* Instructions to follow:
Give each line of the records again exactly and omit every picture.

* Exercise inputs:
────────────────────

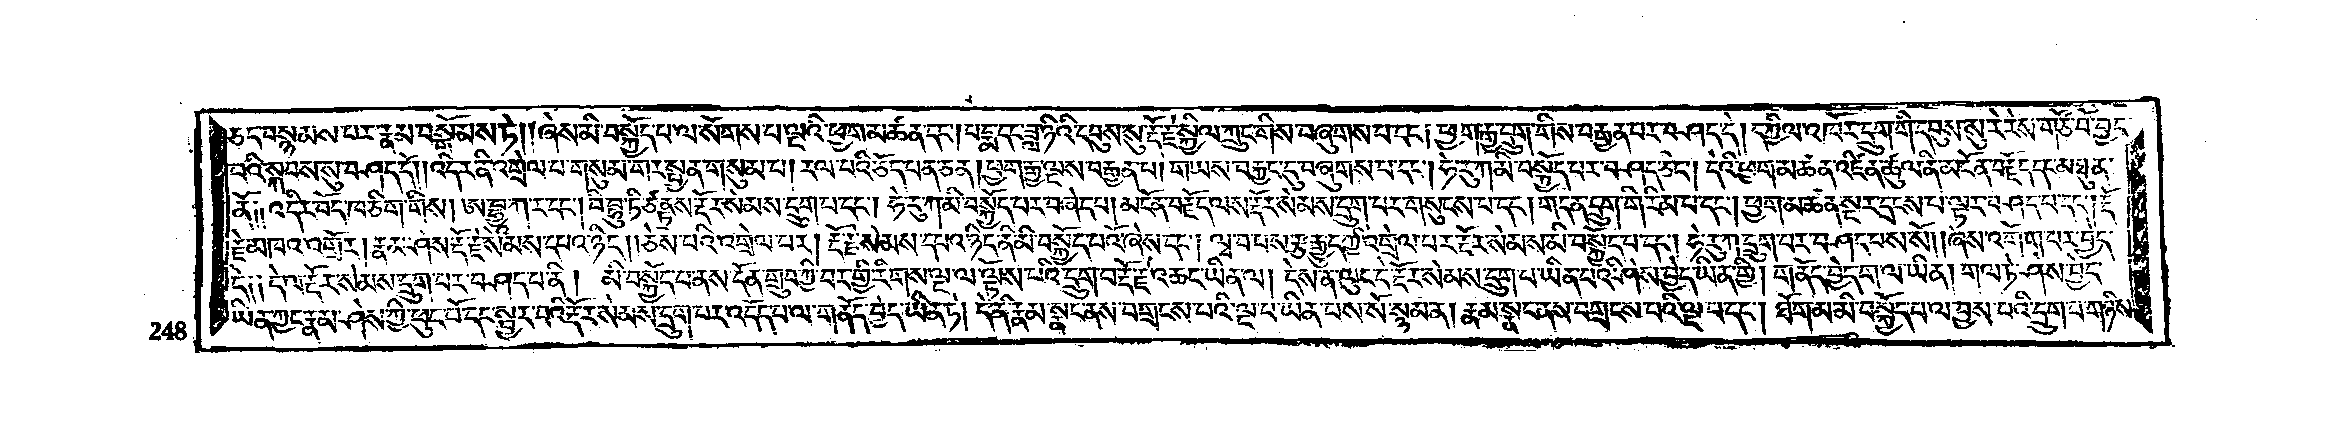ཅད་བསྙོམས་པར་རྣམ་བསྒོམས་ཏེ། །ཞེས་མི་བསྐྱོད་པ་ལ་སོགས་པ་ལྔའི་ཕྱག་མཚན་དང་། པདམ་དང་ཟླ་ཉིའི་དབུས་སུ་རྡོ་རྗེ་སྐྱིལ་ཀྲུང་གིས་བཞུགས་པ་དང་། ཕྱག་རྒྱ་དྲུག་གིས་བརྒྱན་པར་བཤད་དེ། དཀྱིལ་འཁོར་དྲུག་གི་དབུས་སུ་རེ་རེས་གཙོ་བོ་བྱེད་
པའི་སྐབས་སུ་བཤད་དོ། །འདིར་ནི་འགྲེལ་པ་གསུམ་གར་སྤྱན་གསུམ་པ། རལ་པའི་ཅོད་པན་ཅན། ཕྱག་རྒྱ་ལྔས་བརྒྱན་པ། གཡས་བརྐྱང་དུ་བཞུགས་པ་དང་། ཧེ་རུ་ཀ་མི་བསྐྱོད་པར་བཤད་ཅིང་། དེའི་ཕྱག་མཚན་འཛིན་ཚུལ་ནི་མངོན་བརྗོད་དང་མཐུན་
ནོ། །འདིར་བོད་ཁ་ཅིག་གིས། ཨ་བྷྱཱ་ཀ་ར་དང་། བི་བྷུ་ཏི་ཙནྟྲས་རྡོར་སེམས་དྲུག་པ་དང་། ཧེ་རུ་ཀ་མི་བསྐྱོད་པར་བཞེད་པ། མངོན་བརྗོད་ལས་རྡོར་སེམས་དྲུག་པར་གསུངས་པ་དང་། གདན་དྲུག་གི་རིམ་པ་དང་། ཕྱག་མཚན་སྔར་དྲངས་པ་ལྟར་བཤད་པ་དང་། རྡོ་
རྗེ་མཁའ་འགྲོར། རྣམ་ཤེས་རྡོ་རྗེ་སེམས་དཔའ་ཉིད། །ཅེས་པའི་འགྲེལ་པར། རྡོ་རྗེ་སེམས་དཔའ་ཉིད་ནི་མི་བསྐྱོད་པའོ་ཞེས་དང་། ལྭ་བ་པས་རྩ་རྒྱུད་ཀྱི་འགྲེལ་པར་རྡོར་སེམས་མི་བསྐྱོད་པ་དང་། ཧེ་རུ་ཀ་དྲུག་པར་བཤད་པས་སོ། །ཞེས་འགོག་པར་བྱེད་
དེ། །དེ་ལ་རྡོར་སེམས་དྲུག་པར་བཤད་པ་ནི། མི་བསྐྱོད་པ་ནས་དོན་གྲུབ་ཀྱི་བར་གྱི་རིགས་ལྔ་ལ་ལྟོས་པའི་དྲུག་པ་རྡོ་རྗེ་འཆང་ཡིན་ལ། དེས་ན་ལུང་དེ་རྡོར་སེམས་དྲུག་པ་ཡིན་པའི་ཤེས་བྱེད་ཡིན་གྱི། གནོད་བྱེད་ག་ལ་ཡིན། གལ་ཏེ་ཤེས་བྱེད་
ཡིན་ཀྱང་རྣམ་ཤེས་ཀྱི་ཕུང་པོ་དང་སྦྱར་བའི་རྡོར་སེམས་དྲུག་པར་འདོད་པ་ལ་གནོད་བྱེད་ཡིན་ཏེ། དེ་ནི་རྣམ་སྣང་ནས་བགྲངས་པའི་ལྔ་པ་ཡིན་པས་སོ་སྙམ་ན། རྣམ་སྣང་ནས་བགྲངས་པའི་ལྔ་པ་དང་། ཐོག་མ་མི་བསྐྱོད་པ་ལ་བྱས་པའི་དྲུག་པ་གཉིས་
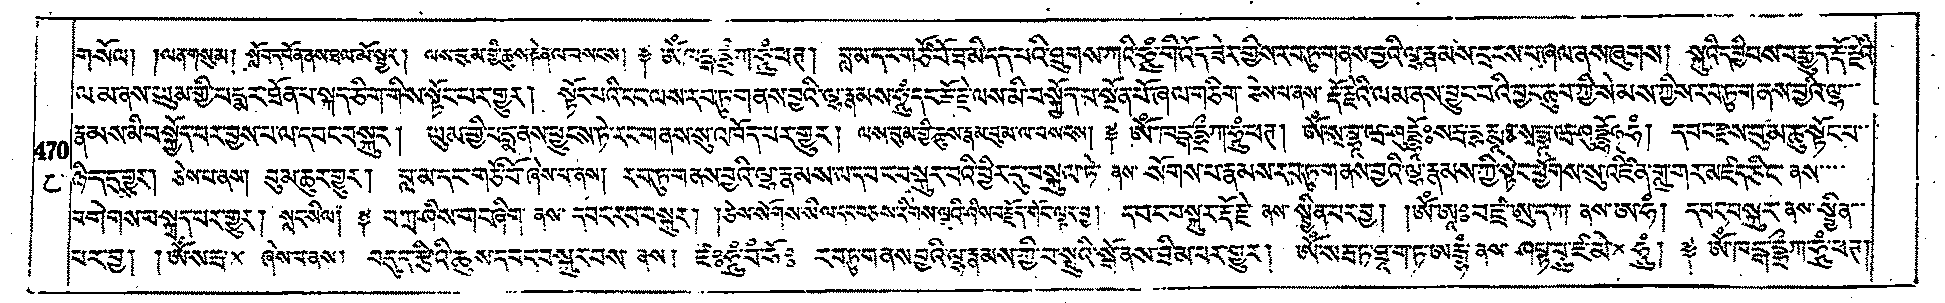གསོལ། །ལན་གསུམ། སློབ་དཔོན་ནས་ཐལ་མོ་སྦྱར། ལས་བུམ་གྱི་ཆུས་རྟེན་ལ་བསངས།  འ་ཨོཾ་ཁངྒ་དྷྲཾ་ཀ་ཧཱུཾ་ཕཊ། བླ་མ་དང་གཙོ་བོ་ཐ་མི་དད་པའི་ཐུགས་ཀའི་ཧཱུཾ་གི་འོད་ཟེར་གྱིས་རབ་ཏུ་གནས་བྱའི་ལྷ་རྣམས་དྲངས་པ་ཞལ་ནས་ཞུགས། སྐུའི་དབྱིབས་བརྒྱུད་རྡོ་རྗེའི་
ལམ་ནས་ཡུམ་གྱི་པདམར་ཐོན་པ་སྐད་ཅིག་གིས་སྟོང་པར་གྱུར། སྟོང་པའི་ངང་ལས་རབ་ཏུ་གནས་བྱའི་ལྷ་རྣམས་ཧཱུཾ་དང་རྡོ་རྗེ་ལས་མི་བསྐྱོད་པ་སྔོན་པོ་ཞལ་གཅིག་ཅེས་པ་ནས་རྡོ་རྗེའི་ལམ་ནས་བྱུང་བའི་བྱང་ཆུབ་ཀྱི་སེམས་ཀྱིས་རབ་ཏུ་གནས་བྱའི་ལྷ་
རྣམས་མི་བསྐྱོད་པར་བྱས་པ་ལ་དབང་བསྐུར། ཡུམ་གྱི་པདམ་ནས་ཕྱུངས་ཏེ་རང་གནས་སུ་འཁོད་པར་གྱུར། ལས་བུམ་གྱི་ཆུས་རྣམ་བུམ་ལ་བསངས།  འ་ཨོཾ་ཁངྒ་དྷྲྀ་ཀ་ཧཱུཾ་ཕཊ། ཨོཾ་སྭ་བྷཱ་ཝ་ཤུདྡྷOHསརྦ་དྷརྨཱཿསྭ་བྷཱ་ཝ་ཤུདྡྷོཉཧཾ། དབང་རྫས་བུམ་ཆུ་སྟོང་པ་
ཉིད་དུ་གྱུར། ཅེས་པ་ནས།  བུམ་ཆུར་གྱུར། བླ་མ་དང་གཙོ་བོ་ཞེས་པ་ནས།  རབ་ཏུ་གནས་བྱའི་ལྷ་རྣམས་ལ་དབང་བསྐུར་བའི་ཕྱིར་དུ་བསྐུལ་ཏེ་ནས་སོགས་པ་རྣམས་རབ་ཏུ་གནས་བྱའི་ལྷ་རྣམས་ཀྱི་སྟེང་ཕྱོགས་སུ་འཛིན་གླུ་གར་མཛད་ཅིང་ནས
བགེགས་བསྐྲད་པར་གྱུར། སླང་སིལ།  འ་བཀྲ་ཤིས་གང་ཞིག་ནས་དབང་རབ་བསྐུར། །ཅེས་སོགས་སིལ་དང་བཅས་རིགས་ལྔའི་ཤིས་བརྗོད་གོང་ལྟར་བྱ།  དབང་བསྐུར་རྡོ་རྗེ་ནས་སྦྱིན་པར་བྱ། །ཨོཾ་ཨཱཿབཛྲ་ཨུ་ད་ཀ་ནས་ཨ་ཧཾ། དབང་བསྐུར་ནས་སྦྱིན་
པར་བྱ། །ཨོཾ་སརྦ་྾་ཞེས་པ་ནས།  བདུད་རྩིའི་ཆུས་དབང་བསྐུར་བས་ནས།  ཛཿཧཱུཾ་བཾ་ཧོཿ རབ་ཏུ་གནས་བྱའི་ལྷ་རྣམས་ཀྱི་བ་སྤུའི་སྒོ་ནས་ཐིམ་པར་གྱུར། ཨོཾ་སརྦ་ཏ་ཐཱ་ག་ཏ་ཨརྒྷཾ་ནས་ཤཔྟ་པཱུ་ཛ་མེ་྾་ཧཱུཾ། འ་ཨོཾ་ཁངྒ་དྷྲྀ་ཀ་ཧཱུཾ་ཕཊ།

────────────────────

* Output for this task:
ཅད་བསྙོམས་པར་རྣམ་བསྒོམས་ཏེ། །ཞེས་མི་བསྐྱོད་པ་ལ་སོགས་པ་ལྔའི་ཕྱག་མཚན་དང་། པདམ་དང་ཟླ་ཉིའི་དབུས་སུ་རྡོ་རྗེ་སྐྱིལ་ཀྲུང་གིས་བཞུགས་པ་དང་། ཕྱག་རྒྱ་དྲུག་གིས་བརྒྱན་པར་བཤད་དེ། དཀྱིལ་འཁོར་དྲུག་གི་དབུས་སུ་རེ་རེས་གཙོ་བོ་བྱེད་
པའི་སྐབས་སུ་བཤད་དོ། །འདིར་ནི་འགྲེལ་པ་གསུམ་གར་སྤྱན་གསུམ་པ། རལ་པའི་ཅོད་པན་ཅན། ཕྱག་རྒྱ་ལྔས་བརྒྱན་པ། གཡས་བརྐྱང་དུ་བཞུགས་པ་དང་། ཧེ་རུ་ཀ་མི་བསྐྱོད་པར་བཤད་ཅིང་། དེའི་ཕྱག་མཚན་འཛིན་ཚུལ་ནི་མངོན་བརྗོད་དང་མཐུན་
ནོ། །འདིར་བོད་ཁ་ཅིག་གིས། ཨ་བྷྱཱ་ཀ་ར་དང་། བི་བྷུ་ཏི་ཙནྟྲས་རྡོར་སེམས་དྲུག་པ་དང་། ཧེ་རུ་ཀ་མི་བསྐྱོད་པར་བཞེད་པ། མངོན་བརྗོད་ལས་རྡོར་སེམས་དྲུག་པར་གསུངས་པ་དང་། གདན་དྲུག་གི་རིམ་པ་དང་། ཕྱག་མཚན་སྔར་དྲངས་པ་ལྟར་བཤད་པ་དང་། རྡོ་
རྗེ་མཁའ་འགྲོར། རྣམ་ཤེས་རྡོ་རྗེ་སེམས་དཔའ་ཉིད། །ཅེས་པའི་འགྲེལ་པར། རྡོ་རྗེ་སེམས་དཔའ་ཉིད་ནི་མི་བསྐྱོད་པའོ་ཞེས་དང་། ལྭ་བ་པས་རྩ་རྒྱུད་ཀྱི་འགྲེལ་པར་རྡོར་སེམས་མི་བསྐྱོད་པ་དང་། ཧེ་རུ་ཀ་དྲུག་པར་བཤད་པས་སོ། །ཞེས་འགོག་པར་བྱེད་
དེ། །དེ་ལ་རྡོར་སེམས་དྲུག་པར་བཤད་པ་ནི། མི་བསྐྱོད་པ་ནས་དོན་གྲུབ་ཀྱི་བར་གྱི་རིགས་ལྔ་ལ་ལྟོས་པའི་དྲུག་པ་རྡོ་རྗེ་འཆང་ཡིན་ལ། དེས་ན་ལུང་དེ་རྡོར་སེམས་དྲུག་པ་ཡིན་པའི་ཤེས་བྱེད་ཡིན་གྱི། གནོད་བྱེད་ག་ལ་ཡིན། གལ་ཏེ་ཤེས་བྱེད་
ཡིན་ཀྱང་རྣམ་ཤེས་ཀྱི་ཕུང་པོ་དང་སྦྱར་བའི་རྡོར་སེམས་དྲུག་པར་འདོད་པ་ལ་གནོད་བྱེད་ཡིན་ཏེ། དེ་ནི་རྣམ་སྣང་ནས་བགྲངས་པའི་ལྔ་པ་ཡིན་པས་སོ་སྙམ་ན། རྣམ་སྣང་ནས་བགྲངས་པའི་ལྔ་པ་དང་། ཐོག་མ་མི་བསྐྱོད་པ་ལ་བྱས་པའི་དྲུག་པ་གཉིས་
གསོལ། །ལན་གསུམ། སློབ་དཔོན་ནས་ཐལ་མོ་སྦྱར། ལས་བུམ་གྱི་ཆུས་རྟེན་ལ་བསངས།  འ་ཨོཾ་ཁངྒ་དྷྲཾ་ཀ་ཧཱུཾ་ཕཊ། བླ་མ་དང་གཙོ་བོ་ཐ་མི་དད་པའི་ཐུགས་ཀའི་ཧཱུཾ་གི་འོད་ཟེར་གྱིས་རབ་ཏུ་གནས་བྱའི་ལྷ་རྣམས་དྲངས་པ་ཞལ་ནས་ཞུགས། སྐུའི་དབྱིབས་བརྒྱུད་རྡོ་རྗེའི་
ལམ་ནས་ཡུམ་གྱི་པདམར་ཐོན་པ་སྐད་ཅིག་གིས་སྟོང་པར་གྱུར། སྟོང་པའི་ངང་ལས་རབ་ཏུ་གནས་བྱའི་ལྷ་རྣམས་ཧཱུཾ་དང་རྡོ་རྗེ་ལས་མི་བསྐྱོད་པ་སྔོན་པོ་ཞལ་གཅིག་ཅེས་པ་ནས་རྡོ་རྗེའི་ལམ་ནས་བྱུང་བའི་བྱང་ཆུབ་ཀྱི་སེམས་ཀྱིས་རབ་ཏུ་གནས་བྱའི་ལྷ་
རྣམས་མི་བསྐྱོད་པར་བྱས་པ་ལ་དབང་བསྐུར། ཡུམ་གྱི་པདམ་ནས་ཕྱུངས་ཏེ་རང་གནས་སུ་འཁོད་པར་གྱུར། ལས་བུམ་གྱི་ཆུས་རྣམ་བུམ་ལ་བསངས།  འ་ཨོཾ་ཁངྒ་དྷྲྀ་ཀ་ཧཱུཾ་ཕཊ། ཨོཾ་སྭ་བྷཱ་ཝ་ཤུདྡྷOHསརྦ་དྷརྨཱཿསྭ་བྷཱ་ཝ་ཤུདྡྷོཉཧཾ། དབང་རྫས་བུམ་ཆུ་སྟོང་པ་
ཉིད་དུ་གྱུར། ཅེས་པ་ནས།  བུམ་ཆུར་གྱུར། བླ་མ་དང་གཙོ་བོ་ཞེས་པ་ནས།  རབ་ཏུ་གནས་བྱའི་ལྷ་རྣམས་ལ་དབང་བསྐུར་བའི་ཕྱིར་དུ་བསྐུལ་ཏེ་ནས་སོགས་པ་རྣམས་རབ་ཏུ་གནས་བྱའི་ལྷ་རྣམས་ཀྱི་སྟེང་ཕྱོགས་སུ་འཛིན་གླུ་གར་མཛད་ཅིང་ནས
བགེགས་བསྐྲད་པར་གྱུར། སླང་སིལ།  འ་བཀྲ་ཤིས་གང་ཞིག་ནས་དབང་རབ་བསྐུར། །ཅེས་སོགས་སིལ་དང་བཅས་རིགས་ལྔའི་ཤིས་བརྗོད་གོང་ལྟར་བྱ།  དབང་བསྐུར་རྡོ་རྗེ་ནས་སྦྱིན་པར་བྱ། །ཨོཾ་ཨཱཿབཛྲ་ཨུ་ད་ཀ་ནས་ཨ་ཧཾ། དབང་བསྐུར་ནས་སྦྱིན་
པར་བྱ། །ཨོཾ་སརྦ་྾་ཞེས་པ་ནས།  བདུད་རྩིའི་ཆུས་དབང་བསྐུར་བས་ནས།  ཛཿཧཱུཾ་བཾ་ཧོཿ རབ་ཏུ་གནས་བྱའི་ལྷ་རྣམས་ཀྱི་བ་སྤུའི་སྒོ་ནས་ཐིམ་པར་གྱུར། ཨོཾ་སརྦ་ཏ་ཐཱ་ག་ཏ་ཨརྒྷཾ་ནས་ཤཔྟ་པཱུ་ཛ་མེ་྾་ཧཱུཾ། འ་ཨོཾ་ཁངྒ་དྷྲྀ་ཀ་ཧཱུཾ་ཕཊ།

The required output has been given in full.